Chilly Willy · Post by **Chilly Willy** » Mon Feb 02, 2009 1:18 am

Okay, a little more testing shows you can use the SH2 libs, but you HAVE to compile with the -m1 switch. The link error you get with the -m2 switch during compile is:

Code: Select all

/usr/local/gendev/sh2/bin/ld -T /usr/local/gendev/sh2/lib/32x.ld -relax -small -e _start --oformat binary -o fuboy.bin sh2_crt0.o fuboy.o gbz80.o gui.o memory.o ppu.o roms.o /usr/local/gendev/sh2/lib/libc.a /usr/local/gendev/sh2/lib/libgcc.a
gbz80.o: In function `_cpu_execute':
gbz80.c:(.text+0x544): undefined reference to `_(double, int, void, short, int, _i4, int) __restrict'
make: *** [fuboy.bin] Error 1

None of the SH2 variants make a difference... it's like gcc expects all SH2s to have an FPU. This was on two different version of gcc - 4.2 and 4.3.

Edit: Err - spoke too soon. If you use libm, you can't use the SH2 libs. You HAVE to use the SH1 libs. So as far as gcc goes, the 32X is an SH1.

ob1 · Post by **ob1** » Mon Feb 02, 2009 8:41 am

The differences betwwen SH1 and SH2 are detailled in the SH2 Programmning Manual on p4/8.
Especially :
no BF/S BT/S, no BRAF BSRF, no DMULU.L DMULS.L, no DT, no MAC.L, no MUL.L and MAC.W is 16x16 + 42 instead of 16x16 + 64.
Some states for multiplication operation may vary.
Thus, I don't see any high stop using SH1 instead of SH2. Apart multiply 32-bit longwords.
I don't think gcc uses slotted branch, nor compile a for/while loop with DT.

ob1 · Post by **ob1** » Mon Feb 02, 2009 8:47 am

Chilly Willy wrote:So as far as gcc goes, the 32X is an SH1. :roll:

Maybe we could write to KPIT to mention it.
I mean ... we may be the last people who uses this compiler ;D

mic_ · Post by **mic_** » Mon Feb 02, 2009 8:57 am

Yeah I've never seen BF/S or BT/S in any code generated by gcc.
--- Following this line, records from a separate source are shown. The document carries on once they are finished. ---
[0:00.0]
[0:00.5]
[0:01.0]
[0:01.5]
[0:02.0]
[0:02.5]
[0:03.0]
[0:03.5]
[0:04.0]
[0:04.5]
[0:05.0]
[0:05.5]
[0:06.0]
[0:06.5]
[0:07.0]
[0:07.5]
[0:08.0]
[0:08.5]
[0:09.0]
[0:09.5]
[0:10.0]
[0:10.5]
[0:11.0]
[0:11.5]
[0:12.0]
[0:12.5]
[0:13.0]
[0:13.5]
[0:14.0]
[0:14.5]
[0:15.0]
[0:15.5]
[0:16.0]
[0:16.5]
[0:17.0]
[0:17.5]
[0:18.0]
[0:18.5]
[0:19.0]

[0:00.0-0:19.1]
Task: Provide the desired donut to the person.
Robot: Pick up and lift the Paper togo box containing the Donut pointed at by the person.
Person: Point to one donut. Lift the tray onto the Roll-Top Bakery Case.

Floating point emulation really isn't a good idea though, unless performance doesn't matter. Otherwise it'd be a better idea to used fixed point calculations.
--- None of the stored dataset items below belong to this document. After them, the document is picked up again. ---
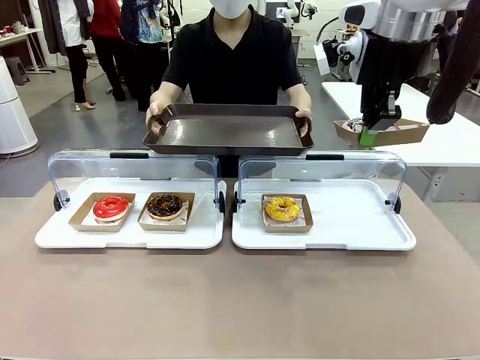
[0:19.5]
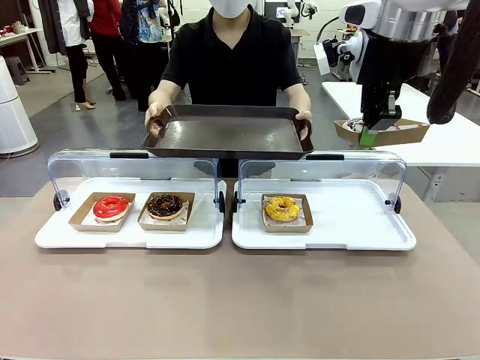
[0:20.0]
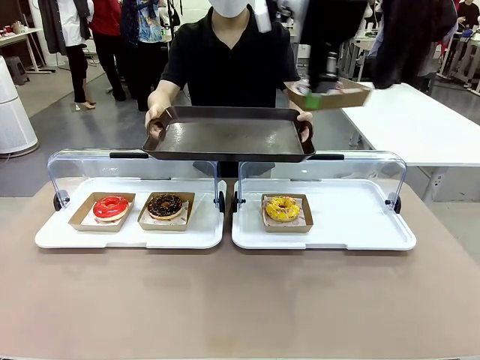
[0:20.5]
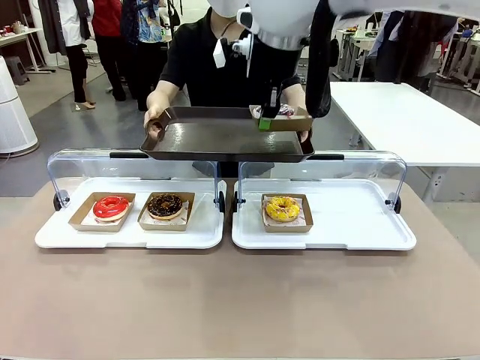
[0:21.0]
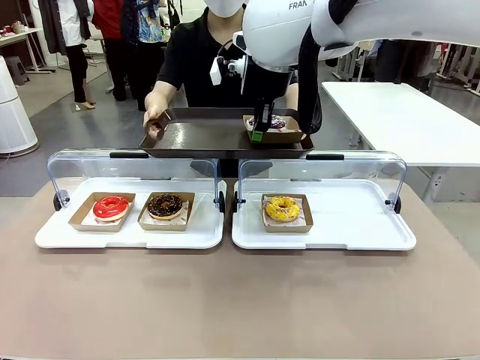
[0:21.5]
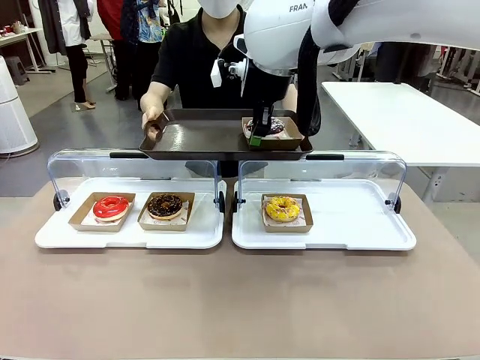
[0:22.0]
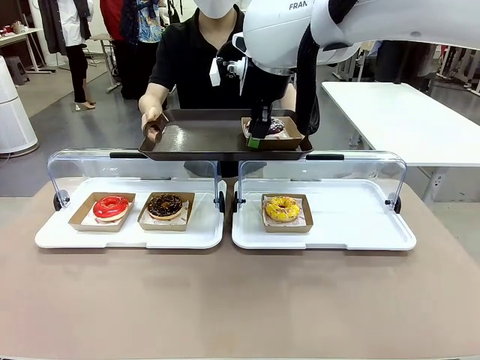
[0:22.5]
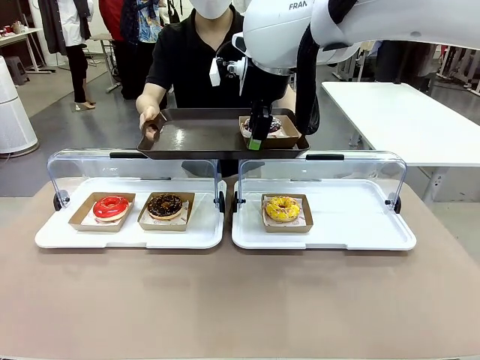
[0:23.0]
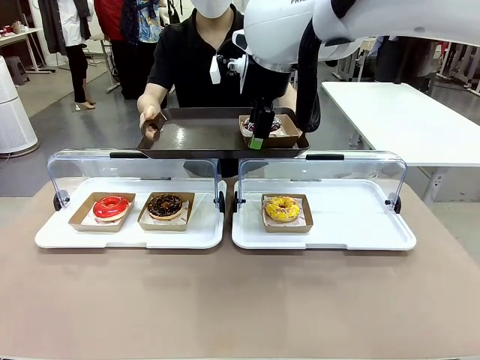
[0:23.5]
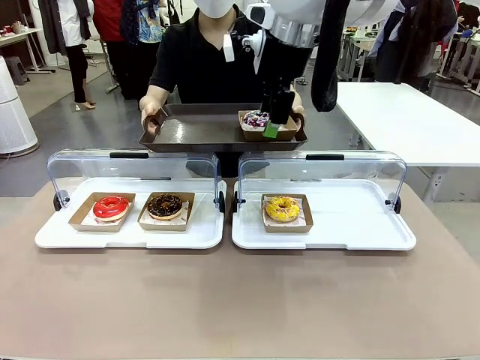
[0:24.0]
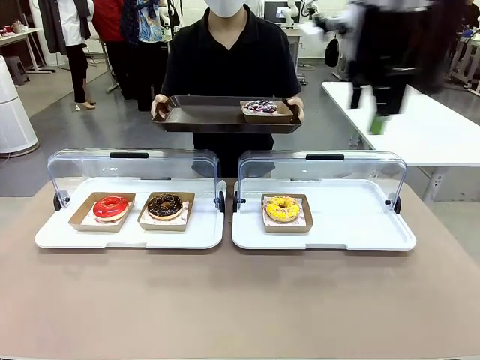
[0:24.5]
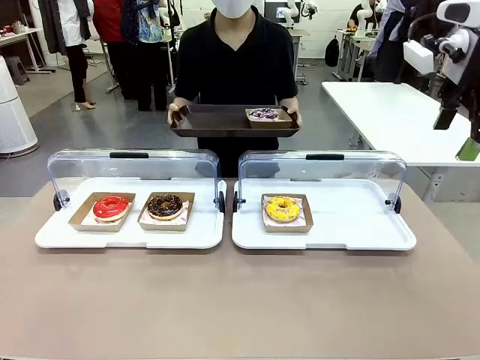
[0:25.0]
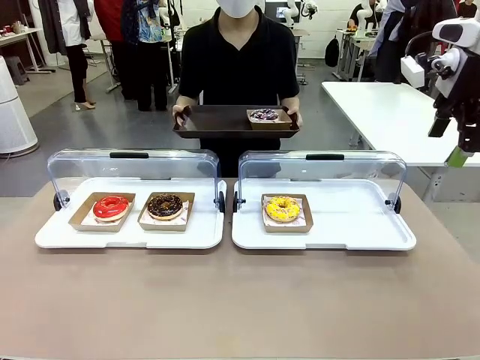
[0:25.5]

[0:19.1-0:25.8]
Robot: Place the picked Paper togo box onto the Handle tray extended by the person.

Chilly Willy · Post by **Chilly Willy** » Mon Feb 02, 2009 9:19 am

The fp was only in a couple init routines at the start. They aren't used everywhere or I'd replace them. For a while, I thought I'd have to replace them anyway.

I've got some nice cordic routines to do them as fixed point.

On the topic of developing for the 32X with gcc, I released some code for mic's fuboy as an example. I had a problem with that on my current project. It wouldn't run main() even though everything was perfect. For the life of me, I couldn't find the problem... until I thought about the differences between fuboy and what I'm doing now. The difference was the size of the data and bss, which then corresponded to time spent in the associated bios startups. I had a situation where the 68000 was finishing too fast. I needed to add this to m68k_crt1.s:

Code: Select all

__start:
        cmp.l   #0x4D5F4F4B,0xA15120    /* M_OK */
        bne.b   __start                 /* wait for master ok */
# init MD VDP

I needed the 68000 to wait on the SH2 bios. Otherwise it was getting through its own init too fast and the signal to the master to run would go unseen. Ah, the joys of IPC.

I think I will mosey over to KPIT and see if they've got a contact email addy where I can let them know what I found about the -m2 situation. I suspect that when they apply their own patches to gcc, they accidentally enabled the FPU for all SH2 variants, not just the A and E ones.